* Problem description: Set down exactly the lines below, starting at the one that contains "#1696 = LINE ( 'NONE', #4704, #2990 ) ;" and ending at the one that contains "#3031 = EDGE_CURVE", with both of those lines included and nothing else.

* Collection entries:
########

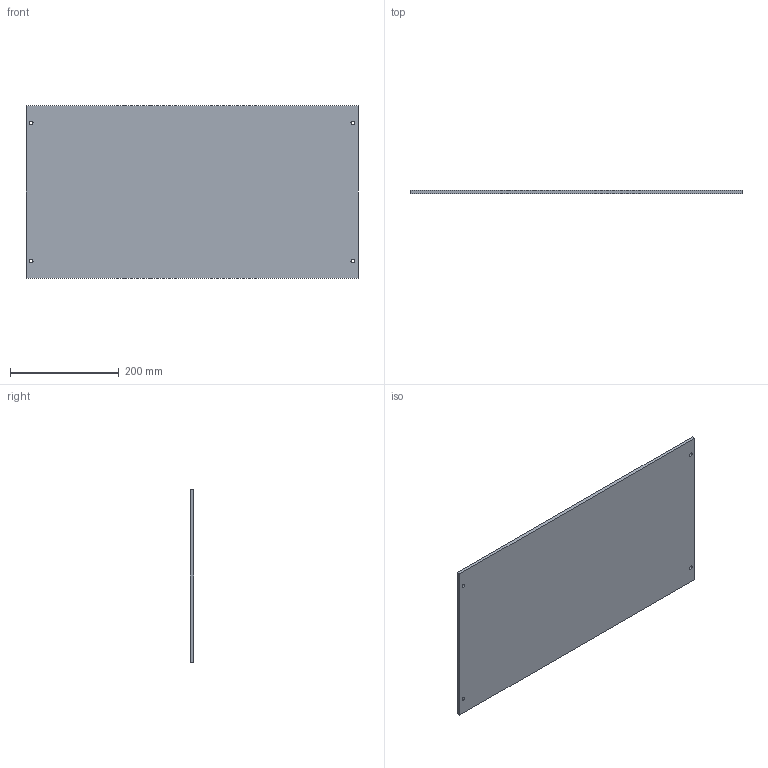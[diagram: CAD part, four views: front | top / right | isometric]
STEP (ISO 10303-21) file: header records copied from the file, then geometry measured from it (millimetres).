
FILE_DESCRIPTION(/* description */ (''),/* implementation_level */ '2;1');
FILE_NAME(/* name */ 'GE-17279_7.stp',/* time_stamp */ '2017-01-08T13:46:38-05:00',/* author */ ('jeff1'),/* organization */ (''),/* preprocessor_version */ 'ST-DEVELOPER v16.5',/* originating_system */ 'Autodesk Inventor 2017',/* authorisation */ '');
FILE_SCHEMA (('AUTOMOTIVE_DESIGN { 1 0 10303 214 3 1 1 }'));
Length unit declared in the file: inch
Products named in the file (1): GE-17279_7
Bounding box: 609.6 x 6.35 x 317.5 mm (x, y, z)
Volume: 1228126 mm3; surface area: 399122.6 mm2
Topology: 1 solids, 1 shells, 10 faces, 24 edges, 16 vertices
Faces by surface type: plane 6, cylinder 4
Full cylindrical faces by diameter (mm): 6.731 x4
Entity records: 324 total; most frequent: DIRECTION 50, CARTESIAN_POINT 47, ORIENTED_EDGE 40, EDGE_LOOP 22, EDGE_CURVE 20, AXIS2_PLACEMENT_3D 19, VERTEX_POINT 16, FACE_BOUND 12
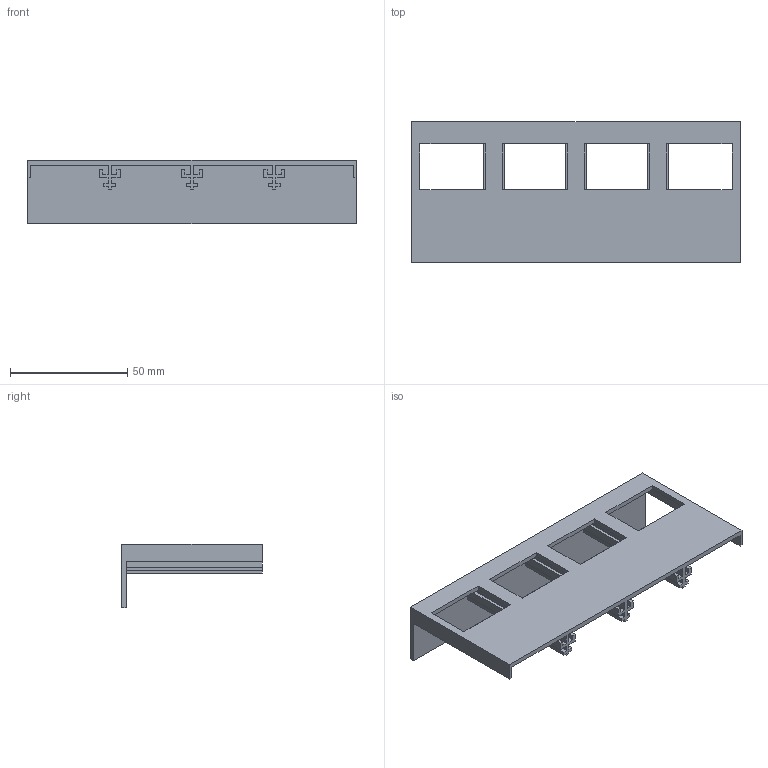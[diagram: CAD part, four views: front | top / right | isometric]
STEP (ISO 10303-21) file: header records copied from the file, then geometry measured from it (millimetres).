
FILE_DESCRIPTION(('CATIA V5 STEP Exchange'),'2;1');
FILE_NAME('1SDH001294R0125_1PA_001_00_A2_4p_LTC_sup.stp','2014-12-04T15:43:49+00:00',('none'),('none'),'CATIA Version 5 Release 20 SP 1 (IN-10)','CATIA V5 STEP AP214','none');
FILE_SCHEMA(('AUTOMOTIVE_DESIGN { 1 0 10303 214 1 1 1 1 }'));
Length unit declared in the file: millimetre
Products named in the file (1): 1SDH001294R0125_1PA_001_00_A2_4p_LTC_sup
Bounding box: 140 x 60 x 27 mm (x, y, z)
Volume: 26787.9 mm3; surface area: 31155 mm2
Topology: 1 solids, 1 shells, 100 faces, 294 edges, 196 vertices
Faces by surface type: plane 100
Entity records: 3052 total; most frequent: ORIENTED_EDGE 588, CARTESIAN_POINT 542, DIRECTION 396, VECTOR 294, EDGE_CURVE 294, LINE 294, VERTEX_POINT 196, EDGE_LOOP 108
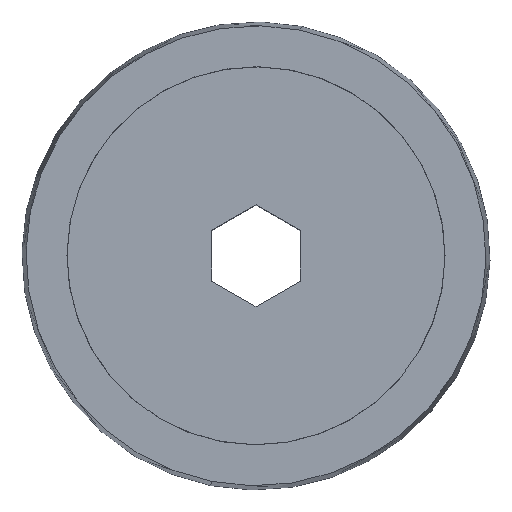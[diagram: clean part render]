
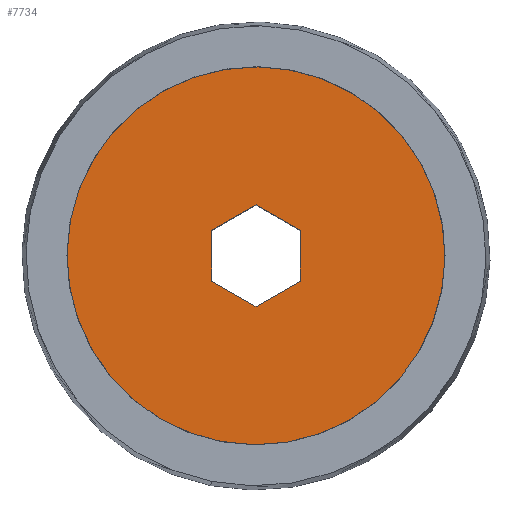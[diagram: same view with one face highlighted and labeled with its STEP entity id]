
A CAD part, top view. The second image highlights one B-rep face of the part: STEP entity #7734.
In plain terms, the highlighted planar face has unit normal (0, 0, 1).
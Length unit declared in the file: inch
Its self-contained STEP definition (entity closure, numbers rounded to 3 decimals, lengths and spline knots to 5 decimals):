
#83 = DIRECTION ( 'NONE',  ( 0.866, 0.5, 0. ) ) ;
#179 = EDGE_LOOP ( 'NONE', ( #4959, #1917 ) ) ;
#196 = DIRECTION ( 'NONE',  ( 0., 1., 0. ) ) ;
#399 = FACE_OUTER_BOUND ( 'NONE', #179, .T. ) ;
#532 = CARTESIAN_POINT ( 'NONE',  ( 0., -0.21708, 0.5 ) ) ;
#681 = ORIENTED_EDGE ( 'NONE', *, *, #6958, .T. ) ;
#714 = ORIENTED_EDGE ( 'NONE', *, *, #4682, .T. ) ;
#797 = AXIS2_PLACEMENT_3D ( 'NONE', #3438, #2858, #7724 ) ;
#942 = DIRECTION ( 'NONE',  ( 0.866, -0.5, 0. ) ) ;
#1047 = DIRECTION ( 'NONE',  ( 1., 0., 0. ) ) ;
#1052 = VECTOR ( 'NONE', #83, 39.37008 ) ;
#1239 = AXIS2_PLACEMENT_3D ( 'NONE', #1541, #3352, #1503 ) ;
#1423 = VECTOR ( 'NONE', #7212, 39.37008 ) ;
#1503 = DIRECTION ( 'NONE',  ( 1., 0., 0. ) ) ;
#1541 = CARTESIAN_POINT ( 'NONE',  ( 0., 0., 0.5 ) ) ;
#1629 = FACE_BOUND ( 'NONE', #4727, .T. ) ;
#1696 = LINE ( 'NONE', #4704, #2990 ) ;
#1721 = VERTEX_POINT ( 'NONE', #5008 ) ;
#1786 = VERTEX_POINT ( 'NONE', #3451 ) ;
#1917 = ORIENTED_EDGE ( 'NONE', *, *, #3854, .F. ) ;
#2094 = LINE ( 'NONE', #4513, #4767 ) ;
#2152 = VERTEX_POINT ( 'NONE', #5232 ) ;
#2421 = LINE ( 'NONE', #6017, #1423 ) ;
#2580 = VERTEX_POINT ( 'NONE', #6702 ) ;
#2651 = ORIENTED_EDGE ( 'NONE', *, *, #3998, .T. ) ;
#2713 = VERTEX_POINT ( 'NONE', #2747 ) ;
#2729 = LINE ( 'NONE', #6399, #6997 ) ;
#2747 = CARTESIAN_POINT ( 'NONE',  ( -0.80754, 0., 0.5 ) ) ;
#2762 = VERTEX_POINT ( 'NONE', #3887 ) ;
#2858 = DIRECTION ( 'NONE',  ( 0., 0., 1. ) ) ;
#2908 = DIRECTION ( 'NONE',  ( 0., 0., -1. ) ) ;
#2990 = VECTOR ( 'NONE', #3465, 39.37008 ) ;
#3031 = EDGE_CURVE ( 'NONE', #2713, #1721, #4536, .T. ) ;
#3352 = DIRECTION ( 'NONE',  ( 0., 0., -1. ) ) ;
#3438 = CARTESIAN_POINT ( 'NONE',  ( 0., 0.1, 0.5 ) ) ;
#3451 = CARTESIAN_POINT ( 'NONE',  ( 0.188, 0.10854, 0.5 ) ) ;
#3465 = DIRECTION ( 'NONE',  ( -0.866, -0.5, 0. ) ) ;
#3480 = PLANE ( 'NONE',  #797 ) ;
#3601 = ORIENTED_EDGE ( 'NONE', *, *, #7476, .T. ) ;
#3690 = CARTESIAN_POINT ( 'NONE',  ( 0.188, -0.10854, 0.5 ) ) ;
#3854 = EDGE_CURVE ( 'NONE', #1721, #2713, #4973, .T. ) ;
#3887 = CARTESIAN_POINT ( 'NONE',  ( -0.188, -0.10854, 0.5 ) ) ;
#3998 = EDGE_CURVE ( 'NONE', #2762, #2580, #5533, .T. ) ;
#4513 = CARTESIAN_POINT ( 'NONE',  ( 0.188, 0.10854, 0.5 ) ) ;
#4530 = VECTOR ( 'NONE', #196, 39.37008 ) ;
#4536 = CIRCLE ( 'NONE', #1239, 0.80754 ) ;
#4604 = AXIS2_PLACEMENT_3D ( 'NONE', #4732, #2908, #1047 ) ;
#4682 = EDGE_CURVE ( 'NONE', #6132, #5077, #1696, .T. ) ;
#4704 = CARTESIAN_POINT ( 'NONE',  ( 0.188, -0.10854, 0.5 ) ) ;
#4727 = EDGE_LOOP ( 'NONE', ( #2651, #3601, #681, #7209, #714, #7463 ) ) ;
#4732 = CARTESIAN_POINT ( 'NONE',  ( 0., 0., 0.5 ) ) ;
#4767 = VECTOR ( 'NONE', #6929, 39.37008 ) ;
#4917 = LINE ( 'NONE', #6051, #1052 ) ;
#4959 = ORIENTED_EDGE ( 'NONE', *, *, #3031, .F. ) ;
#4973 = CIRCLE ( 'NONE', #4604, 0.80754 ) ;
#5008 = CARTESIAN_POINT ( 'NONE',  ( 0.80754, 0., 0.5 ) ) ;
#5077 = VERTEX_POINT ( 'NONE', #532 ) ;
#5232 = CARTESIAN_POINT ( 'NONE',  ( 0., 0.21708, 0.5 ) ) ;
#5533 = LINE ( 'NONE', #5649, #4530 ) ;
#5649 = CARTESIAN_POINT ( 'NONE',  ( -0.188, -0.10854, 0.5 ) ) ;
#5733 = EDGE_CURVE ( 'NONE', #1786, #6132, #2094, .T. ) ;
#6017 = CARTESIAN_POINT ( 'NONE',  ( 0., -0.21708, 0.5 ) ) ;
#6051 = CARTESIAN_POINT ( 'NONE',  ( -0.188, 0.10854, 0.5 ) ) ;
#6132 = VERTEX_POINT ( 'NONE', #3690 ) ;
#6399 = CARTESIAN_POINT ( 'NONE',  ( 0., 0.21708, 0.5 ) ) ;
#6702 = CARTESIAN_POINT ( 'NONE',  ( -0.188, 0.10854, 0.5 ) ) ;
#6929 = DIRECTION ( 'NONE',  ( 0., -1., 0. ) ) ;
#6958 = EDGE_CURVE ( 'NONE', #2152, #1786, #2729, .T. ) ;
#6997 = VECTOR ( 'NONE', #942, 39.37008 ) ;
#7209 = ORIENTED_EDGE ( 'NONE', *, *, #5733, .T. ) ;
#7212 = DIRECTION ( 'NONE',  ( -0.866, 0.5, 0. ) ) ;
#7439 = EDGE_CURVE ( 'NONE', #5077, #2762, #2421, .T. ) ;
#7463 = ORIENTED_EDGE ( 'NONE', *, *, #7439, .T. ) ;
#7476 = EDGE_CURVE ( 'NONE', #2580, #2152, #4917, .T. ) ;
#7724 = DIRECTION ( 'NONE',  ( 1., 0., 0. ) ) ;
#7734 = ADVANCED_FACE ( 'NONE', ( #1629, #399 ), #3480, .T. ) ;

########

* Answer:
#1696 = LINE ( 'NONE', #4704, #2990 ) ;
#1721 = VERTEX_POINT ( 'NONE', #5008 ) ;
#1786 = VERTEX_POINT ( 'NONE', #3451 ) ;
#1917 = ORIENTED_EDGE ( 'NONE', *, *, #3854, .F. ) ;
#2094 = LINE ( 'NONE', #4513, #4767 ) ;
#2152 = VERTEX_POINT ( 'NONE', #5232 ) ;
#2421 = LINE ( 'NONE', #6017, #1423 ) ;
#2580 = VERTEX_POINT ( 'NONE', #6702 ) ;
#2651 = ORIENTED_EDGE ( 'NONE', *, *, #3998, .T. ) ;
#2713 = VERTEX_POINT ( 'NONE', #2747 ) ;
#2729 = LINE ( 'NONE', #6399, #6997 ) ;
#2747 = CARTESIAN_POINT ( 'NONE',  ( -0.80754, 0., 0.5 ) ) ;
#2762 = VERTEX_POINT ( 'NONE', #3887 ) ;
#2858 = DIRECTION ( 'NONE',  ( 0., 0., 1. ) ) ;
#2908 = DIRECTION ( 'NONE',  ( 0., 0., -1. ) ) ;
#2990 = VECTOR ( 'NONE', #3465, 39.37008 ) ;
#3031 = EDGE_CURVE ( 'NONE', #2713, #1721, #4536, .T. ) ;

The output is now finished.